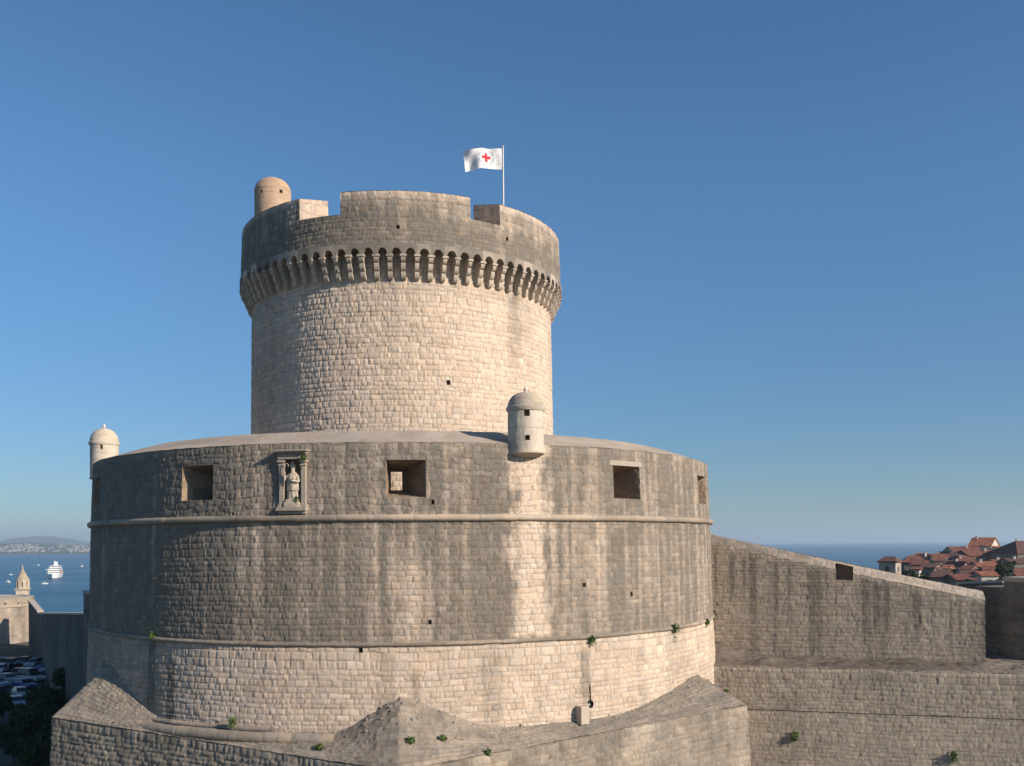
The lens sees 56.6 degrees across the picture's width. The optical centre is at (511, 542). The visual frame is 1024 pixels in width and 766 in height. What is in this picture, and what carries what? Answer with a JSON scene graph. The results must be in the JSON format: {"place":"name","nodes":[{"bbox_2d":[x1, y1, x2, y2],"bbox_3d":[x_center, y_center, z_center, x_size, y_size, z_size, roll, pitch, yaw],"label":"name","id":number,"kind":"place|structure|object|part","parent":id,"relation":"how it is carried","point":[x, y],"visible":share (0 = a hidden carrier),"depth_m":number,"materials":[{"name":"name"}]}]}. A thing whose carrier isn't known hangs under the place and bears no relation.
{"place":"outdoors","nodes":[
{"label":"outdoors","id":0,"kind":"place"},
{"bbox_2d":[0,656,18,658],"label":"path","id":1,"kind":"structure","parent":0,"point":[3,657],"depth_m":165.54,"materials":[{"name":"grey stone"}]},
{"bbox_2d":[0,684,41,724],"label":"road","id":2,"kind":"structure","parent":0,"point":[8,689],"depth_m":125.05,"materials":[{"name":"grey asphalt"}]},
{"bbox_2d":[11,694,26,704],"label":"parked car","id":3,"kind":"object","parent":2,"relation":"on","point":[17,699],"visible":0.42,"depth_m":126.41,"materials":[{"name":"blue paint"}]},
{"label":"windows","id":4,"kind":"part","parent":3,"relation":"part of","materials":[{"name":"black glass"}]},
{"bbox_2d":[11,686,29,695],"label":"parked car","id":5,"kind":"object","parent":2,"relation":"on","point":[18,690],"visible":0.5,"depth_m":133.51,"materials":[{"name":"silver metal"}]},
{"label":"windows","id":6,"kind":"part","parent":5,"relation":"part of","materials":[{"name":"black glass"}]},
{"bbox_2d":[0,641,48,765],"bbox_3d":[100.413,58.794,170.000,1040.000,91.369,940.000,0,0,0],"label":"ground","id":7,"kind":"structure","parent":0,"point":[19,649],"depth_m":170.31,"materials":[{"name":"grey asphalt"}]},
{"bbox_2d":[0,690,14,721],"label":"evergreen tree","id":8,"kind":"object","parent":7,"relation":"on","point":[7,703],"visible":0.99,"depth_m":117.66,"materials":[{"name":"green plant"}]},
{"bbox_2d":[0,595,33,644],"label":"round tower","id":9,"kind":"structure","parent":7,"relation":"on","point":[14,619],"depth_m":186.19,"materials":[{"name":"stone"}]},
{"bbox_2d":[14,564,30,594],"bbox_3d":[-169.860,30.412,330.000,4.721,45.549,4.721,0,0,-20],"label":"belfry","id":10,"kind":"object","parent":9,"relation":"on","point":[22,579],"visible":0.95,"depth_m":328.48,"materials":[{"name":"stone"}]},
{"bbox_2d":[8,703,26,728],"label":"evergreen tree","id":11,"kind":"object","parent":7,"relation":"on","point":[18,706],"visible":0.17,"depth_m":111.62,"materials":[{"name":"green plant"}]},
{"bbox_2d":[0,720,35,765],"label":"evergreen tree","id":12,"kind":"object","parent":7,"relation":"on","point":[8,742],"visible":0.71,"depth_m":97.21,"materials":[{"name":"green plant"}]},
{"bbox_2d":[6,702,51,735],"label":"evergreen tree","id":13,"kind":"object","parent":7,"relation":"on","point":[34,717],"visible":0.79,"depth_m":103.26,"materials":[{"name":"green plant"}]},
{"bbox_2d":[14,726,51,765],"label":"evergreen tree","id":14,"kind":"object","parent":7,"relation":"on","point":[34,747],"visible":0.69,"depth_m":90.94,"materials":[{"name":"green plant"}]},
{"bbox_2d":[28,600,43,650],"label":"stair wall","id":15,"kind":"structure","parent":7,"relation":"on","point":[35,608],"depth_m":175.69,"materials":[{"name":"grey stone"}]},
{"bbox_2d":[22,684,66,710],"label":"evergreen tree","id":16,"kind":"object","parent":7,"relation":"on","point":[47,698],"visible":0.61,"depth_m":111.10,"materials":[{"name":"green plant"}]},
{"bbox_2d":[39,704,61,732],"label":"evergreen tree","id":17,"kind":"object","parent":7,"relation":"on","point":[52,712],"visible":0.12,"depth_m":95.25,"materials":[{"name":"green plant"}]},
{"bbox_2d":[51,667,65,704],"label":"evergreen tree","id":18,"kind":"object","parent":7,"relation":"on","point":[58,675],"visible":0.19,"depth_m":116.85,"materials":[{"name":"green plant"}]},
{"bbox_2d":[37,612,83,701],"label":"city wall","id":19,"kind":"structure","parent":7,"relation":"on","point":[60,639],"depth_m":117.61,"materials":[{"name":"grey stone"}]},
{"bbox_2d":[82,590,89,685],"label":"wall pier","id":20,"kind":"structure","parent":7,"relation":"on","point":[86,596],"depth_m":75.19,"materials":[{"name":"grey stone"}]},
{"bbox_2d":[49,177,750,765],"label":"fortress tower","id":21,"kind":"structure","parent":7,"relation":"on","point":[465,551],"depth_m":40.18,"materials":[{"name":"stone"}]},
{"bbox_2d":[148,631,155,641],"bbox_3d":[-15.348,4.032,40.639,0.448,0.533,0.394,0,0,0],"label":"caper bush","id":22,"kind":"object","parent":21,"relation":"attached to","point":[152,635],"visible":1,"depth_m":40.57,"materials":[{"name":"green plant"}]},
{"bbox_2d":[227,717,236,728],"bbox_3d":[-11.192,7.218,38.020,0.398,0.498,0.324,0,0,0],"label":"caper bush","id":23,"kind":"object","parent":21,"relation":"attached to","point":[231,720],"visible":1,"depth_m":37.97,"materials":[{"name":"green plant"}]},
{"bbox_2d":[283,461,300,506],"bbox_3d":[-8.819,-2.340,38.118,0.698,1.871,0.498,0,0,10],"label":"statue","id":24,"kind":"object","parent":21,"relation":"in","point":[292,478],"visible":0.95,"depth_m":38.01,"materials":[{"name":"stone"}]},
{"bbox_2d":[300,454,307,459],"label":"caper bush","id":25,"kind":"object","parent":21,"relation":"attached to","point":[303,457],"visible":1,"depth_m":37.71,"materials":[{"name":"green plant"}]},
{"bbox_2d":[314,743,323,750],"bbox_3d":[-7.387,7.852,36.400,0.390,0.357,0.333,0,0,0],"label":"caper bush","id":26,"kind":"object","parent":21,"relation":"attached to","point":[318,746],"visible":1,"depth_m":36.36,"materials":[{"name":"green plant"}]},
{"bbox_2d":[405,736,414,744],"bbox_3d":[-3.811,7.455,35.651,0.409,0.446,0.342,0,0,0],"label":"caper bush","id":27,"kind":"object","parent":21,"relation":"attached to","point":[411,740],"visible":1,"depth_m":35.59,"materials":[{"name":"green plant"}]},
{"bbox_2d":[440,734,446,740],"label":"caper bush","id":28,"kind":"object","parent":21,"relation":"attached to","point":[443,737],"visible":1,"depth_m":36.30,"materials":[{"name":"green plant"}]},
{"bbox_2d":[484,747,491,755],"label":"caper bush","id":29,"kind":"object","parent":21,"relation":"attached to","point":[487,752],"visible":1,"depth_m":36.37,"materials":[{"name":"green plant"}]},
{"bbox_2d":[502,146,503,204],"bbox_3d":[-0.489,-18.758,54.600,0.280,8.121,0.280,0,0,0],"label":"flagpole","id":30,"kind":"object","parent":21,"relation":"on","point":[503,170],"visible":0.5,"depth_m":54.57,"materials":[{"name":"white metal"}]},
{"bbox_2d":[463,148,501,171],"bbox_3d":[-1.672,-21.923,54.423,2.254,1.419,0.341,0,0,-2],"label":"flag","id":31,"kind":"object","parent":30,"relation":"attached to","point":[476,158],"visible":1,"depth_m":54.47,"materials":[{"name":"white fabric"}]},
{"bbox_2d":[587,635,595,645],"bbox_3d":[3.380,4.155,40.315,0.430,0.512,0.403,0,0,0],"label":"caper bush","id":32,"kind":"object","parent":21,"relation":"attached to","point":[592,638],"visible":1,"depth_m":40.24,"materials":[{"name":"green plant"}]},
{"bbox_2d":[671,623,679,641],"bbox_3d":[7.536,4.194,44.067,0.584,0.921,0.482,0,0,0],"label":"caper bush","id":33,"kind":"object","parent":21,"relation":"attached to","point":[675,630],"visible":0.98,"depth_m":43.99,"materials":[{"name":"green plant"}]},
{"bbox_2d":[684,641,1023,765],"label":"scarp wall","id":34,"kind":"structure","parent":7,"relation":"on","point":[839,711],"depth_m":47.22,"materials":[{"name":"stone"}]},
{"bbox_2d":[791,730,799,741],"bbox_3d":[14.277,9.758,47.943,0.460,0.607,0.401,0,0,-20],"label":"caper bush","id":35,"kind":"object","parent":34,"relation":"attached to","point":[794,736],"visible":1,"depth_m":47.87,"materials":[{"name":"green plant"}]},
{"bbox_2d":[710,534,985,661],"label":"rampart wall","id":36,"kind":"structure","parent":34,"relation":"on","point":[767,600],"depth_m":51.05,"materials":[{"name":"stone"}]},
{"bbox_2d":[950,750,957,763],"bbox_3d":[21.355,10.350,45.872,0.369,0.689,0.402,0,0,44],"label":"caper bush","id":37,"kind":"object","parent":34,"relation":"attached to","point":[953,754],"visible":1,"depth_m":45.82,"materials":[{"name":"green plant"}]},
{"bbox_2d":[968,576,1023,659],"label":"bastion wall","id":38,"kind":"structure","parent":34,"relation":"on","point":[1004,604],"depth_m":50.80,"materials":[{"name":"grey stone"}]},
{"bbox_2d":[877,556,902,573],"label":"town house","id":39,"kind":"structure","parent":7,"relation":"on","point":[892,564],"depth_m":198.53,"materials":[{"name":"beige paint"}]},
{"bbox_2d":[884,565,889,571],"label":"window","id":40,"kind":"structure","parent":39,"relation":"in","point":[886,567],"depth_m":198.29,"materials":[{"name":"grey glass"}]},
{"bbox_2d":[901,569,908,575],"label":"town tree","id":41,"kind":"object","parent":7,"relation":"on","point":[904,572],"visible":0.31,"depth_m":214.49,"materials":[{"name":"green plant"}]},
{"bbox_2d":[908,569,916,576],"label":"town tree","id":42,"kind":"object","parent":7,"relation":"on","point":[911,573],"visible":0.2,"depth_m":204.68,"materials":[{"name":"green plant"}]},
{"bbox_2d":[902,554,924,574],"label":"town house","id":43,"kind":"structure","parent":7,"relation":"on","point":[907,561],"depth_m":246.63,"materials":[{"name":"red tile"}]},
{"bbox_2d":[911,566,922,577],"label":"town house","id":44,"kind":"structure","parent":7,"relation":"on","point":[917,569],"depth_m":213.43,"materials":[{"name":"red tile"}]},
{"bbox_2d":[910,560,929,565],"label":"town house","id":45,"kind":"structure","parent":7,"relation":"on","point":[916,562],"depth_m":238.41,"materials":[{"name":"red tile"}]},
{"bbox_2d":[916,553,929,559],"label":"town house","id":46,"kind":"structure","parent":7,"relation":"on","point":[925,556],"depth_m":299.54,"materials":[{"name":"orange tile"}]},
{"bbox_2d":[918,572,931,579],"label":"town tree","id":47,"kind":"object","parent":7,"relation":"on","point":[924,576],"visible":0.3,"depth_m":199.55,"materials":[{"name":"green plant"}]},
{"bbox_2d":[920,563,943,580],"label":"town house","id":48,"kind":"structure","parent":7,"relation":"on","point":[928,568],"depth_m":232.72,"materials":[{"name":"brown tile"}]},
{"bbox_2d":[928,552,950,564],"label":"town house","id":49,"kind":"structure","parent":7,"relation":"on","point":[937,558],"depth_m":287.65,"materials":[{"name":"red tile"}]},
{"bbox_2d":[930,572,952,583],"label":"town house","id":50,"kind":"structure","parent":7,"relation":"on","point":[938,576],"depth_m":192.44,"materials":[{"name":"brown tile"}]},
{"bbox_2d":[935,569,950,571],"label":"town house","id":51,"kind":"structure","parent":7,"relation":"on","point":[942,570],"depth_m":213.87,"materials":[{"name":"brown tile"}]},
{"bbox_2d":[938,550,948,553],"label":"town house","id":52,"kind":"structure","parent":7,"relation":"on","point":[944,552],"depth_m":329.55,"materials":[{"name":"brown tile"}]},
{"bbox_2d":[943,565,954,569],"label":"town house","id":53,"kind":"structure","parent":7,"relation":"on","point":[950,567],"depth_m":243.26,"materials":[{"name":"orange tile"}]},
{"bbox_2d":[944,559,968,573],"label":"town house","id":54,"kind":"structure","parent":7,"relation":"on","point":[956,563],"depth_m":248.83,"materials":[{"name":"red tile"}]},
{"bbox_2d":[948,552,964,556],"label":"town house","id":55,"kind":"structure","parent":7,"relation":"on","point":[951,554],"depth_m":298.96,"materials":[{"name":"brown tile"}]},
{"bbox_2d":[949,555,967,559],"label":"town house","id":56,"kind":"structure","parent":7,"relation":"on","point":[953,557],"depth_m":284.88,"materials":[{"name":"red tile"}]},
{"bbox_2d":[945,574,977,585],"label":"town house","id":57,"kind":"structure","parent":7,"relation":"on","point":[953,579],"depth_m":188.02,"materials":[{"name":"red tile"}]},
{"bbox_2d":[943,545,980,551],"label":"town house","id":58,"kind":"structure","parent":7,"relation":"on","point":[954,548],"depth_m":328.16,"materials":[{"name":"red tile"}]},
{"bbox_2d":[953,556,975,562],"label":"town house","id":59,"kind":"structure","parent":7,"relation":"on","point":[967,559],"depth_m":273.65,"materials":[{"name":"red tile"}]},
{"bbox_2d":[959,570,977,573],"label":"town house","id":60,"kind":"structure","parent":7,"relation":"on","point":[965,571],"depth_m":204.01,"materials":[{"name":"brown tile"}]},
{"bbox_2d":[958,565,980,570],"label":"town house","id":61,"kind":"structure","parent":7,"relation":"on","point":[970,567],"depth_m":223.83,"materials":[{"name":"red tile"}]},
{"bbox_2d":[958,548,990,560],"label":"town house","id":62,"kind":"structure","parent":7,"relation":"on","point":[977,555],"depth_m":295.96,"materials":[{"name":"red tile"}]},
{"bbox_2d":[957,580,1003,587],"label":"town wall","id":63,"kind":"structure","parent":7,"relation":"on","point":[981,583],"depth_m":87.78,"materials":[{"name":"grey stone"}]},
{"bbox_2d":[967,559,996,565],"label":"town house","id":64,"kind":"structure","parent":7,"relation":"on","point":[980,562],"depth_m":233.38,"materials":[{"name":"orange tile"}]},
{"bbox_2d":[968,536,999,549],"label":"town house","id":65,"kind":"structure","parent":7,"relation":"on","point":[981,543],"depth_m":342.38,"materials":[{"name":"orange tile"}]},
{"bbox_2d":[970,571,998,580],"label":"town house","id":66,"kind":"structure","parent":7,"relation":"on","point":[985,575],"depth_m":197.29,"materials":[{"name":"orange tile"}]},
{"bbox_2d":[979,566,998,578],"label":"town house","id":67,"kind":"structure","parent":7,"relation":"on","point":[987,568],"depth_m":220.61,"materials":[{"name":"red tile"}]},
{"bbox_2d":[986,557,1000,578],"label":"town house","id":68,"kind":"structure","parent":7,"relation":"on","point":[996,559],"depth_m":259.51,"materials":[{"name":"red tile"}]},
{"bbox_2d":[994,562,1014,579],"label":"town tree","id":69,"kind":"object","parent":7,"relation":"on","point":[1002,570],"visible":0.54,"depth_m":184.57,"materials":[{"name":"green plant"}]},
{"bbox_2d":[986,539,1023,558],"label":"town house","id":70,"kind":"structure","parent":7,"relation":"on","point":[1014,548],"depth_m":288.05,"materials":[{"name":"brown tile"}]},
{"bbox_2d":[997,556,1023,567],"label":"town house","id":71,"kind":"structure","parent":7,"relation":"on","point":[1020,562],"depth_m":252.91,"materials":[{"name":"brown tile"}]},
{"bbox_2d":[1010,568,1023,576],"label":"town house","id":72,"kind":"structure","parent":7,"relation":"on","point":[1016,572],"depth_m":207.86,"materials":[{"name":"red tile"}]},
{"bbox_2d":[0,665,50,687],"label":"car park","id":73,"kind":"structure","parent":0,"point":[44,682],"depth_m":146.03,"materials":[{"name":"grey asphalt"}]},
{"bbox_2d":[0,663,8,672],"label":"parked car","id":74,"kind":"object","parent":73,"relation":"on","point":[4,667],"visible":0.94,"depth_m":151.83,"materials":[{"name":"white paint"}]},
{"bbox_2d":[0,677,11,686],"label":"parked car","id":75,"kind":"object","parent":73,"relation":"on","point":[3,682],"visible":1,"depth_m":140.41,"materials":[{"name":"blue paint"}]},
{"bbox_2d":[0,673,19,681],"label":"parked car","id":76,"kind":"object","parent":73,"relation":"on","point":[10,677],"visible":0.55,"depth_m":144.38,"materials":[{"name":"silver metal"}]},
{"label":"windows","id":77,"kind":"part","parent":76,"relation":"part of","materials":[{"name":"black glass"}]},
{"bbox_2d":[2,657,18,667],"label":"parked car","id":78,"kind":"object","parent":73,"relation":"on","point":[9,661],"visible":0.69,"depth_m":156.37,"materials":[{"name":"black paint"}]},
{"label":"windows","id":79,"kind":"part","parent":78,"relation":"part of","materials":[{"name":"black glass"}]},
{"bbox_2d":[12,667,24,674],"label":"parked car","id":80,"kind":"object","parent":73,"relation":"on","point":[15,671],"visible":0.23,"depth_m":148.39,"materials":[{"name":"blue paint"}]},
{"bbox_2d":[13,656,32,666],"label":"parked car","id":81,"kind":"object","parent":73,"relation":"on","point":[21,660],"visible":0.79,"depth_m":157.09,"materials":[{"name":"black paint"}]},
{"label":"windows","id":82,"kind":"part","parent":81,"relation":"part of","materials":[{"name":"black glass"}]},
{"bbox_2d":[12,678,37,687],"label":"parked car","id":83,"kind":"object","parent":73,"relation":"on","point":[28,682],"visible":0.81,"depth_m":139.41,"materials":[{"name":"blue paint"}]},
{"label":"windows","id":84,"kind":"part","parent":83,"relation":"part of","materials":[{"name":"black glass"}]},
{"bbox_2d":[15,667,46,681],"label":"parked car","id":85,"kind":"object","parent":73,"relation":"on","point":[33,674],"visible":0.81,"depth_m":145.44,"materials":[{"name":"white paint"}]},
{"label":"windows","id":86,"kind":"part","parent":85,"relation":"part of","materials":[{"name":"black glass"}]},
{"bbox_2d":[23,657,41,666],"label":"parked car","id":87,"kind":"object","parent":73,"relation":"on","point":[33,662],"visible":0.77,"depth_m":156.12,"materials":[{"name":"silver metal"}]},
{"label":"windows","id":88,"kind":"part","parent":87,"relation":"part of","materials":[{"name":"black glass"}]},
{"bbox_2d":[35,660,43,669],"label":"parked car","id":89,"kind":"object","parent":73,"relation":"on","point":[40,664],"visible":0.3,"depth_m":154.02,"materials":[{"name":"blue paint"}]},
{"bbox_2d":[39,664,44,673],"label":"parked car","id":90,"kind":"object","parent":73,"relation":"on","point":[42,669],"visible":0.12,"depth_m":151.43,"materials":[{"name":"white paint"}]},
{"bbox_2d":[0,543,89,554],"bbox_3d":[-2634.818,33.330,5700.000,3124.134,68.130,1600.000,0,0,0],"label":"coast","id":91,"kind":"structure","parent":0,"point":[63,550],"depth_m":5118.21},
{"bbox_2d":[0,543,89,552],"bbox_3d":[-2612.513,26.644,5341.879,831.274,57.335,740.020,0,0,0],"label":"town","id":92,"kind":"object","parent":91,"relation":"on","point":[22,548],"visible":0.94,"depth_m":5107.53,"materials":[{"name":"paint"}]},
{"bbox_2d":[0,536,89,544],"bbox_3d":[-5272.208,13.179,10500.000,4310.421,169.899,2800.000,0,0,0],"label":"hills","id":93,"kind":"structure","parent":0,"point":[46,539],"depth_m":10147.40,"materials":[{"name":"grey"}]},
{"bbox_2d":[0,542,1010,612],"bbox_3d":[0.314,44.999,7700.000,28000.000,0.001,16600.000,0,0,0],"label":"sea","id":94,"kind":"structure","parent":0,"point":[64,593],"depth_m":2306.89,"materials":[{"name":"blue liquid"}]},
{"bbox_2d":[47,561,62,578],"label":"cruise ship","id":95,"kind":"object","parent":94,"relation":"on","point":[55,570],"visible":0.98,"depth_m":1301.71,"materials":[{"name":"white paint"}]},
{"bbox_2d":[0,0,1023,542],"label":"sky","id":96,"kind":"structure","parent":0,"point":[789,233],"materials":[{"name":"blue"}]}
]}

Work instructions >> Copy each line of the material where "asphalt" is found.

Output below >>
{"bbox_2d":[0,684,41,724],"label":"road","id":2,"kind":"structure","parent":0,"point":[8,689],"depth_m":125.05,"materials":[{"name":"grey asphalt"}]},
{"bbox_2d":[0,641,48,765],"bbox_3d":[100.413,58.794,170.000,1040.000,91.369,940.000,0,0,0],"label":"ground","id":7,"kind":"structure","parent":0,"point":[19,649],"depth_m":170.31,"materials":[{"name":"grey asphalt"}]},
{"bbox_2d":[0,665,50,687],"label":"car park","id":73,"kind":"structure","parent":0,"point":[44,682],"depth_m":146.03,"materials":[{"name":"grey asphalt"}]},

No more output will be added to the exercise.